Asqueado por toda esta adoración, Krishnamurti se distanció cada vez más. Incluso
hablaba de sí en tercera persona. De hecho, la capacidad para desprenderse del propio
pasado y ver al mundo de otra manera formaba parte de su filosofía, pero una vez más el
efecto fue contrario al esperado: el cariño y veneración que la gente sentía por : él no
nacían sino aumentar. Sus seguidores peleaban celosamente por muestras de su favor. Las
mujeres en particular se enamoraban profundamente de él, aunque fue célibe toda la vida.
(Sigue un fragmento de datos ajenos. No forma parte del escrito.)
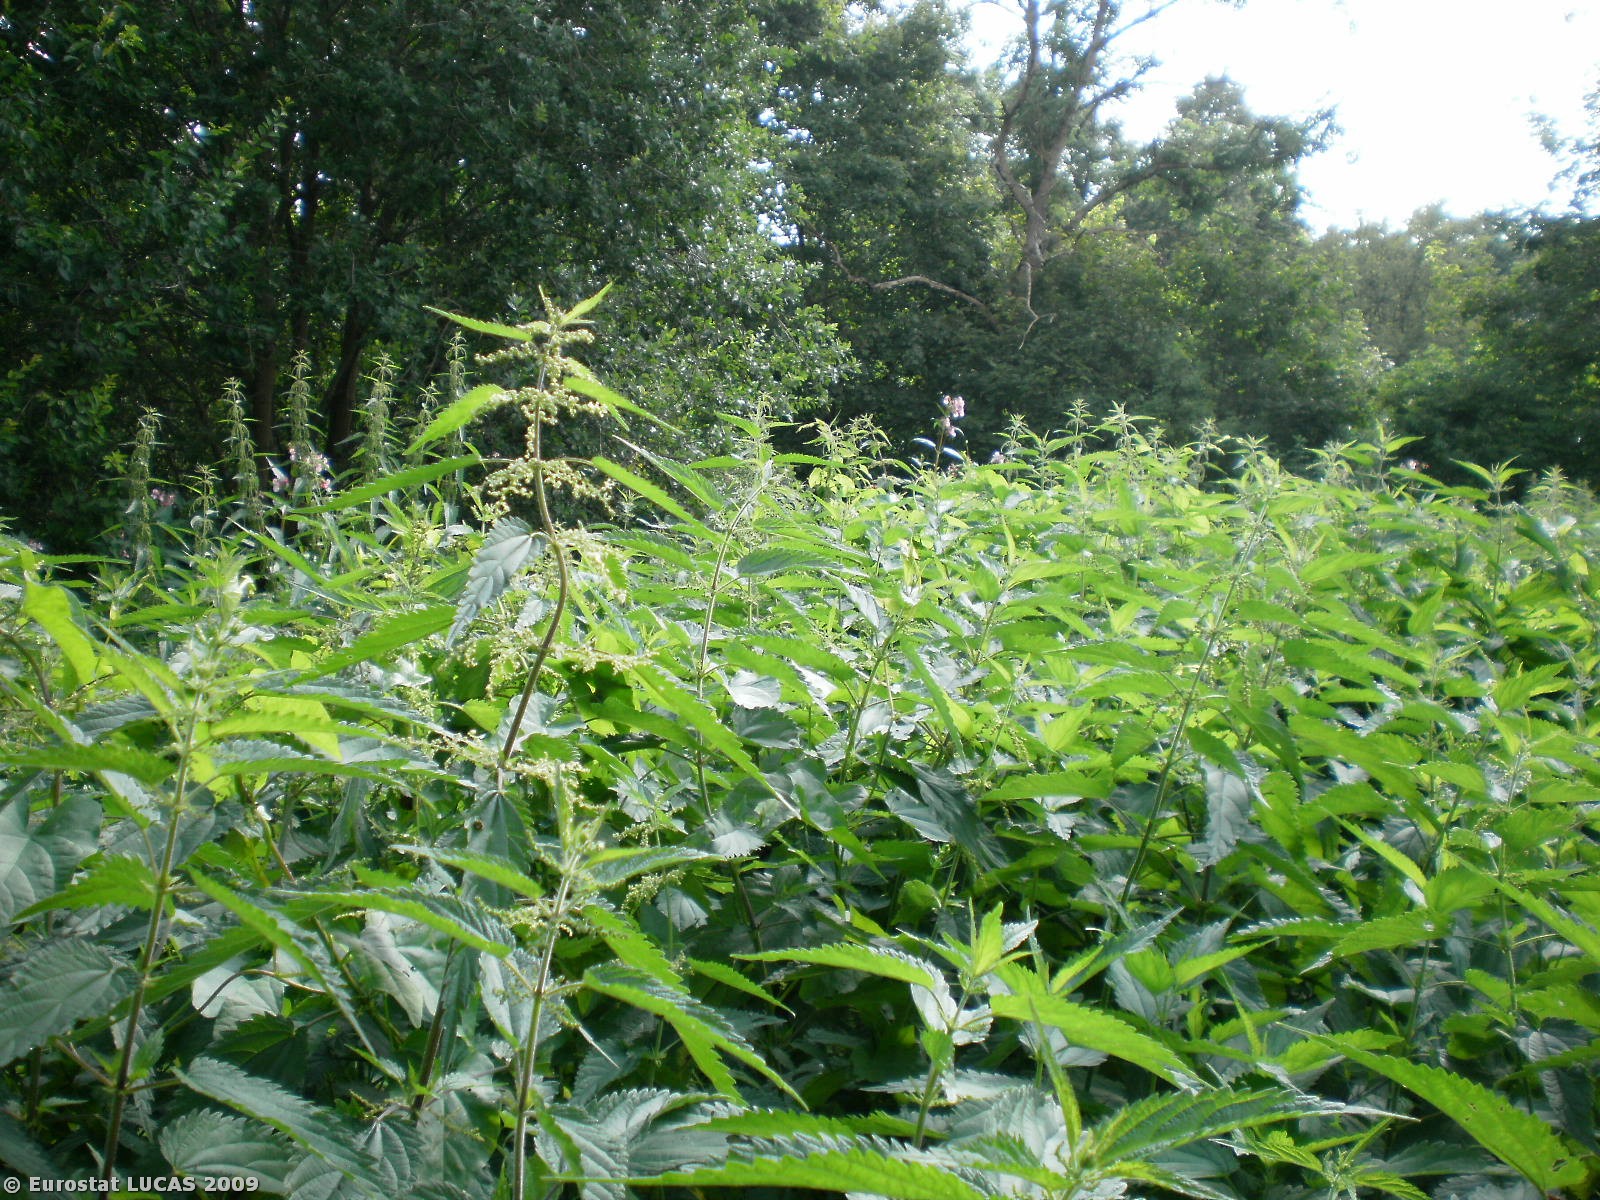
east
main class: Grassland
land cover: Spontaneously vegetated surfaces
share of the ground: > 75 %
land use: Unused
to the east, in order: Spontaneously vegetated surfaces; Rivers and streams; Broadleaved woodland; Grass margins; Paved roads, cycling and walking lanes; Grass margins; Abandoned hedges; Electric lines; Grassland with sparse tree/shrub cover; Shrubland with sparse tree cover; Spontaneously vegetated surfaces
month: July
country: PL
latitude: 53.9184
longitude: 19.9118
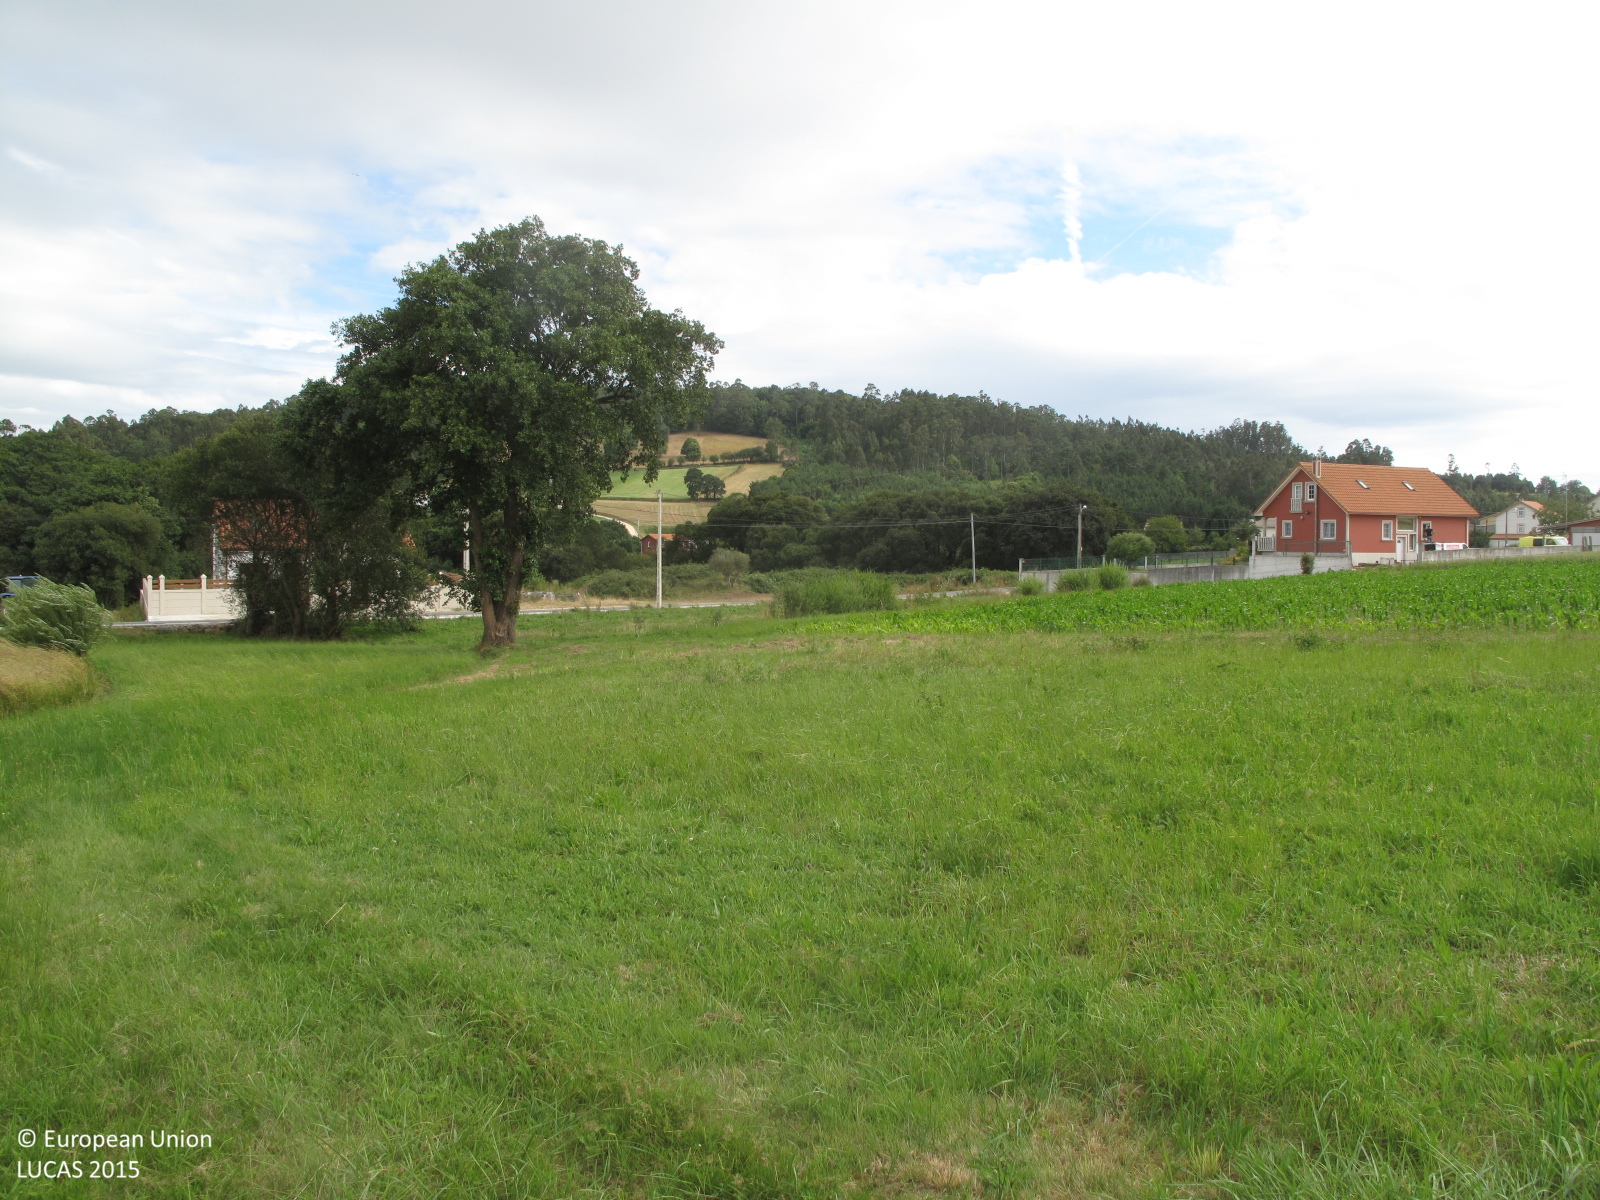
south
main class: Grassland
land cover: Grassland without tree/shrub cover
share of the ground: > 75 %
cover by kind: herbaceous plants 100 %
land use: Agriculture (excluding fallow land and kitchen gardens)
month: July
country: ES
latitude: 43.2423
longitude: -8.5964
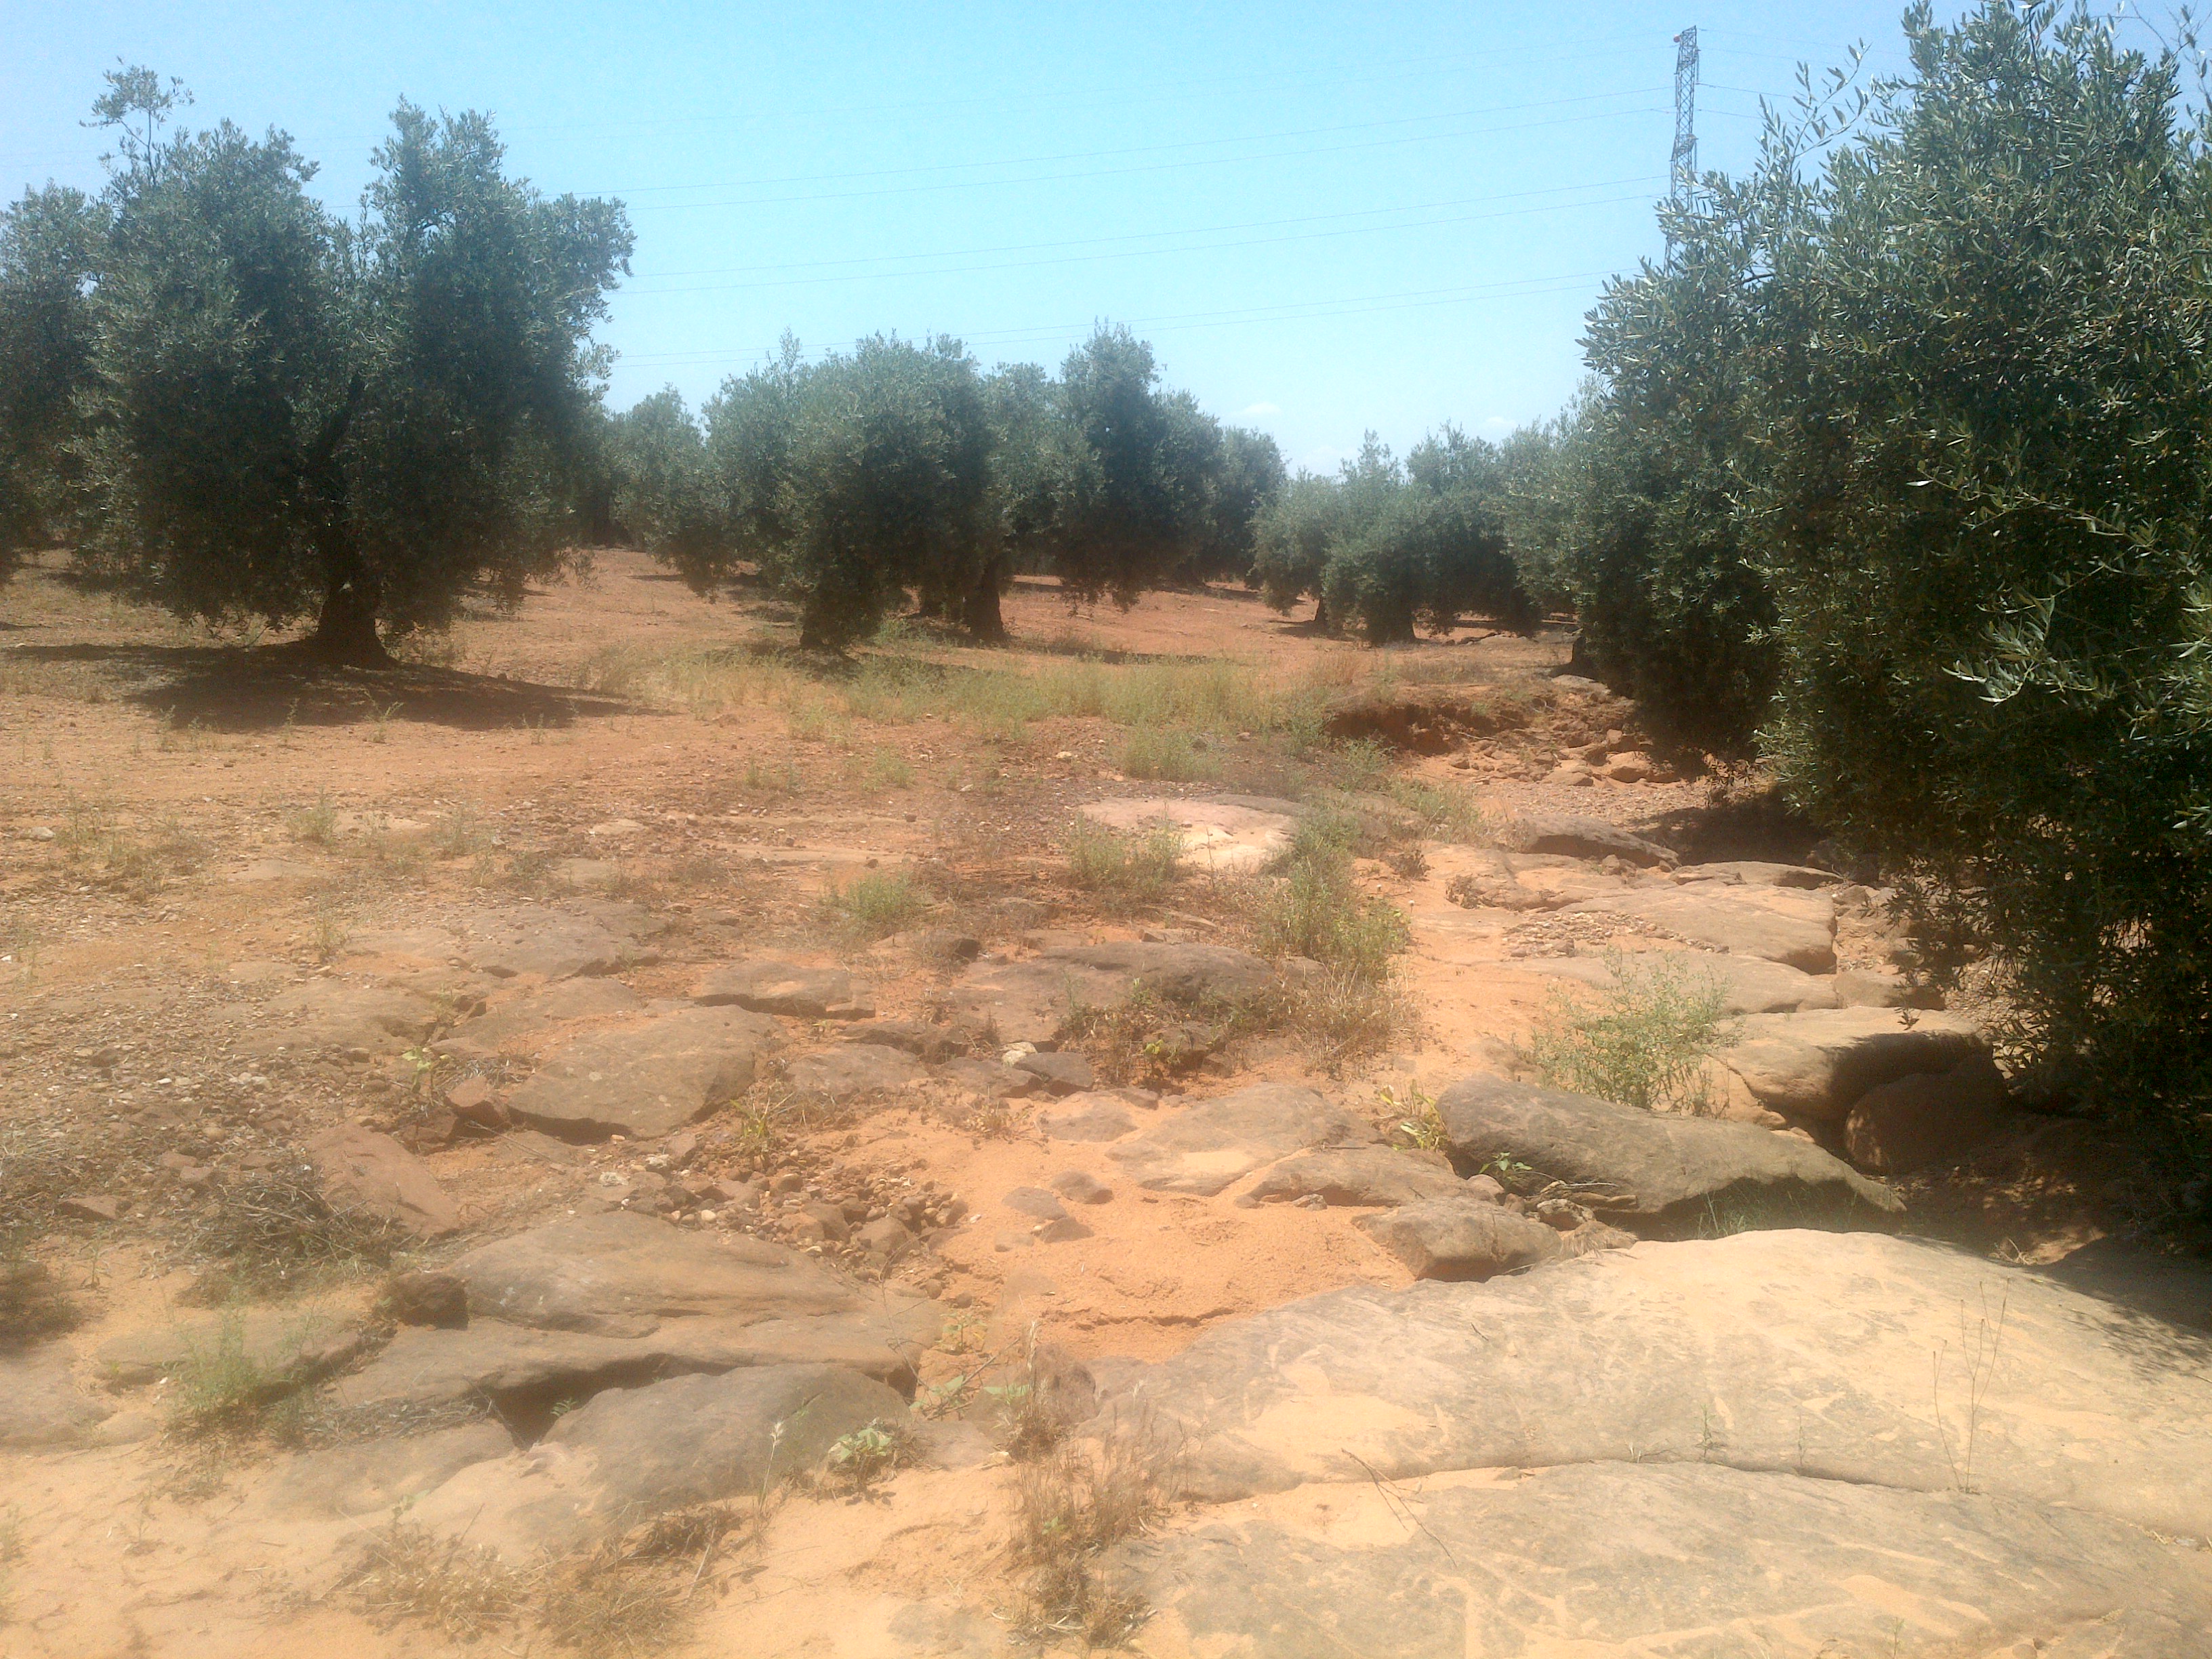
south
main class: Cropland
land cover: Olive groves
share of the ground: 50 - 75 %
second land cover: Spontaneously vegetated surfaces
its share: 10 - 25 %
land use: Agriculture (excluding fallow land and kitchen gardens)
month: June
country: ES
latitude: 38.0519
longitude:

Krishnamurti no deseaba ser gurú ni carismático, pero descubrió inadvertidamente una
ley de la psicología humana que lo perturbó. La gente no quiere oír que tu poder procede
de años de esfuerzo o disciplina. Prefiere pensar que proviene de tu personalidad, tu
carácter, algo con lo que naciste. Y espera que la proximidad del gurú o carismático le
transmita parte de ese poder. No quería tener que leer los libros de Krishnamurti, o pasar
años practicando sus lecciones; simplemente quería estar cerca de él, empaparse de su
aura, oírlo hablar, sentir la luz que entraba a la sala con él. Krishnamurti defendía la
sencillez como una forma de abrirse a la verdad, pero su propia sencillez no hacía más que
permitir a la gente ver lo que quería en él, atribuyéndole poderes que él no sólo negaba,
sino que también ridiculizaba.
Éste es el efecto del gurú, y es sorprendentemente simple de crear. El aura que persigues
en este caso no es la ardiente de la mayoría de los carismáticos, sino un aura de
incandescencia, de iluminación. Una persona iluminada ha comprendido algo que le da
satisfacción, y esta satisfacción resplandece. Esta es la apariencia que deseas: no necesitas
nada ni a nadie, estás pleno. Las personas sienten natural atracción por quienes emiten
felicidad; quizá puedan obtenerla de ti. Cuanto menos obvio seas, mejor: que la gente
concluya que eres feliz, en vez de saberlo de ti. Que lo vea en tu pausada actitud, tu amable
sonrisa, tu serenidad y bienestar. Da vaguedad a tus palabras, para que la gente imagine lo
que quiera. Recuerda: ser ajeno y distante no "hace sino estimular el efecto. La gente
peleará por la menor señal de tu interés. Un gurú está satisfecho y apartado, combinación
tremendamente carismática.
La santa teatral. Todo comenzó en la radio. A fines de la década de 1930 y principios de la
de 1940, las mujeres argentinas oían la voz lastimera y musical de Eva Duarte en algunas
de las populares radio-novelas de la época, auténticas superproducciones. Ella nunca hacía
reír, pero muy a menudo podía hacer lloran con las quejas de una mujer traicionada, o las
últimas palabras de María Antonieta. De sólo pensar en su voz, se sentía un
estremecimiento de emoción. Además, era bonita, de largo y suelto cabello rubio y cara
seria, la cual aparecía con frecuencia en las portadas de las revistas de la farándula.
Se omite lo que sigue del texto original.